Nor will the fact that petitioner thought his appellate counsel was going to include all claims in appeal even though she did not, support finding of good cause. See Wooten.
Finally petitioner argues that he suffered from a mental incapacity and was placed in Napa State Hospital between December 2002 and August 2005. Plaintiff states he still suffers as a result of the side effects of the prescribed medication Paxil and other "mental confusion that exacerbates his ignorance of the law." However, plaintiff was not sentenced in this case until August 2006, a year after he was released from the hospital and plaintiff did not begin his appeals until even later. In addition, plaintiff has not presented any other evidence that he suffers from a mental incapacity and simply relying on the side effects of Paxil, with no support, is insufficient to find good cause.
Thus, petitioner has not presented facts that would entitle him to a stay under Rhines. Nor has petitioner requested a stay pursuant to King/Kelly.
Accordingly, IT IS HEREBY RECOMMENDED that petitioner's amended motion to stay (no. 12) be denied, and that the unexhausted claims in the amended petition be stricken.

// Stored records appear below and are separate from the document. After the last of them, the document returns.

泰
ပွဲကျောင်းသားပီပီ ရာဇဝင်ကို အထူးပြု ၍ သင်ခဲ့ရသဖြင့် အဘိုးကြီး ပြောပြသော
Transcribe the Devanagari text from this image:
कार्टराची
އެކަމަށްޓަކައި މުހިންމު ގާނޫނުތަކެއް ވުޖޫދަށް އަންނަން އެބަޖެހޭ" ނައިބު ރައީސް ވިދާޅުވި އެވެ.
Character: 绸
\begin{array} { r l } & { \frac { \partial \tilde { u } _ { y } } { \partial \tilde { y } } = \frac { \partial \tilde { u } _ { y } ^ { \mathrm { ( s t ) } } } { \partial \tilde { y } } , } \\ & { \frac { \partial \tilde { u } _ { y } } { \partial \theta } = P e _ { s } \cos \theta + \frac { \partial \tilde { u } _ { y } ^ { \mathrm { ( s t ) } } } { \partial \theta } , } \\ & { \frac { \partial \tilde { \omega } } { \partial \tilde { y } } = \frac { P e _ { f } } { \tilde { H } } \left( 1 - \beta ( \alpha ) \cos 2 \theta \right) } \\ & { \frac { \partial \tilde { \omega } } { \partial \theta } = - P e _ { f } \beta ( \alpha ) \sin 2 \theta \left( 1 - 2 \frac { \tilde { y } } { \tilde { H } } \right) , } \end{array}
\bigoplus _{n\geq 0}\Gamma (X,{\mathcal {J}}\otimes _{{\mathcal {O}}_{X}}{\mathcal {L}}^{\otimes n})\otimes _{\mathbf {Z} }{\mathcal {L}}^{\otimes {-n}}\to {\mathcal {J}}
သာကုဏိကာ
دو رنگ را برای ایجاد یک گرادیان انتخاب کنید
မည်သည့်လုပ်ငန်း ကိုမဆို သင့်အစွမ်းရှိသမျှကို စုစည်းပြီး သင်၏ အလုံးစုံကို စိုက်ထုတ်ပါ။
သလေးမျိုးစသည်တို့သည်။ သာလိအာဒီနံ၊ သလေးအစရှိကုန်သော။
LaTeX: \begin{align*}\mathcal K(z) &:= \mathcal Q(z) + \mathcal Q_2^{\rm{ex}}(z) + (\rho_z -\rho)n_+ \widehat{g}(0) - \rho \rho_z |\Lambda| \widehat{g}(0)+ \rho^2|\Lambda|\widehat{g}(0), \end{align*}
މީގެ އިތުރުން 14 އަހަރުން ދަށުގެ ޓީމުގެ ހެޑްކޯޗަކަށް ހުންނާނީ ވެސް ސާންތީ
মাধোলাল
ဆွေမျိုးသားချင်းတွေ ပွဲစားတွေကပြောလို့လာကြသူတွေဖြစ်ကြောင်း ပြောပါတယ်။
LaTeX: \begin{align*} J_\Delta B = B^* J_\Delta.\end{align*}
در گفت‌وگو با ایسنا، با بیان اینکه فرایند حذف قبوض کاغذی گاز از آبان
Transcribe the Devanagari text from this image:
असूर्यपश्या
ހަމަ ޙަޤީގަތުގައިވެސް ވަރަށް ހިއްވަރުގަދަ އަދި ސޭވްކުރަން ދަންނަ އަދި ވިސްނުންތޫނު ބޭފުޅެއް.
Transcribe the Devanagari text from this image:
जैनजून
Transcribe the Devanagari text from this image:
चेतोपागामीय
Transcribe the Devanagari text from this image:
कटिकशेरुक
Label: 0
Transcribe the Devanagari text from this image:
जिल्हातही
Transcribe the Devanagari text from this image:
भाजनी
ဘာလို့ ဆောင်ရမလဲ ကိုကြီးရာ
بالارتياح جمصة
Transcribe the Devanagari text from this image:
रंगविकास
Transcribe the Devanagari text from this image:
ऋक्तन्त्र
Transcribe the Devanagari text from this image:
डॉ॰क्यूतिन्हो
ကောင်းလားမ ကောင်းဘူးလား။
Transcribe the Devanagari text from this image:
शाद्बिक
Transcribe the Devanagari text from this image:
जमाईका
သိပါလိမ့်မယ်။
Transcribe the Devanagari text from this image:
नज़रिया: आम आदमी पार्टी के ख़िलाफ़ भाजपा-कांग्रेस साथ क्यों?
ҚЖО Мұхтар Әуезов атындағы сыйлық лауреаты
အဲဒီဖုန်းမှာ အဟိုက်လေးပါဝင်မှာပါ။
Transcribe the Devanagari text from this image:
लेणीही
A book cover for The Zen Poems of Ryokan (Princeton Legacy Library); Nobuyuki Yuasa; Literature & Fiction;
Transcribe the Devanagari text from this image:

These findings and recommendations are submitted to the United States District Judge assigned to the case, pursuant to the provisions of 28 U.S.C. § 636(b)(l). Within fourteen days after being served with these findings and recommendations, any party may file written objections with the court and serve a copy on all parties. Such a document should be captioned "Objections to Magistrate Judge's Findings and Recommendations." Any reply to the objections shall be served and filed within seven days after service of the objections. The parties are advised that failure to file objections within the specified time may waive the right to appeal the District Court's order. Martinez v. Ylst, 951 F.2d 1153 (9th Cir. 1991).